Some servers just can’t tell time. We’ve seen clocks that are fast or slow by a few minutes (drift), a few hours (incorrect time zone), or more (who knows). This can cause a remarkable variety of problems – if logs are timestamped in the past or future, all sorts of analysis goes wrong. (For instance: if you have an alerting rule based on the number of errors in the last five minutes, and your log timestamps are based on a clock that’s seven minutes slow, the alert can never trigger.)

To help identify when an issue is due to a misconfigured clock, we include the current time in the “status -v” output. We can’t always tell if the clock is off by a few minutes, but it has helped us find issues with timezone settings.
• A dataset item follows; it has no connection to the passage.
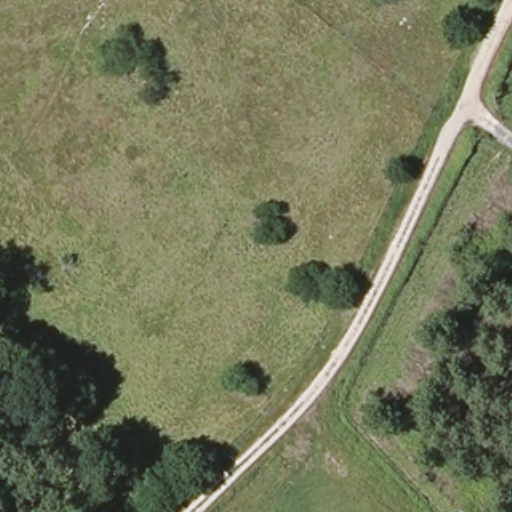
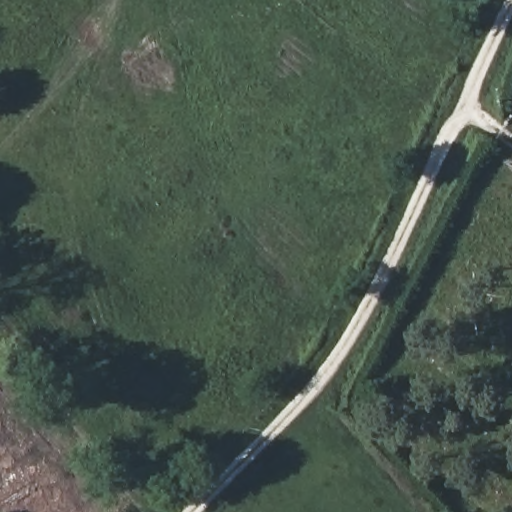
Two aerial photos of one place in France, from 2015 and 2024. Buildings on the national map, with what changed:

To hammer this problem into the ground, we’re going to extend the agent to report the current time to our servers. This will allow us to detect incorrect clocks and notify the user of any hosts that need correcting.

If the Customer Thinks It’s Broken, It’s Broken

As you can see, none of these support requests were true bugs. But they were stumbling blocks for many users, and added up to a major source of customer dissatisfaction and a major contributor to support time. By resolving them we’ve made our existing customers happier, and made our new customers blissfully unaware of their predecessors’ struggles.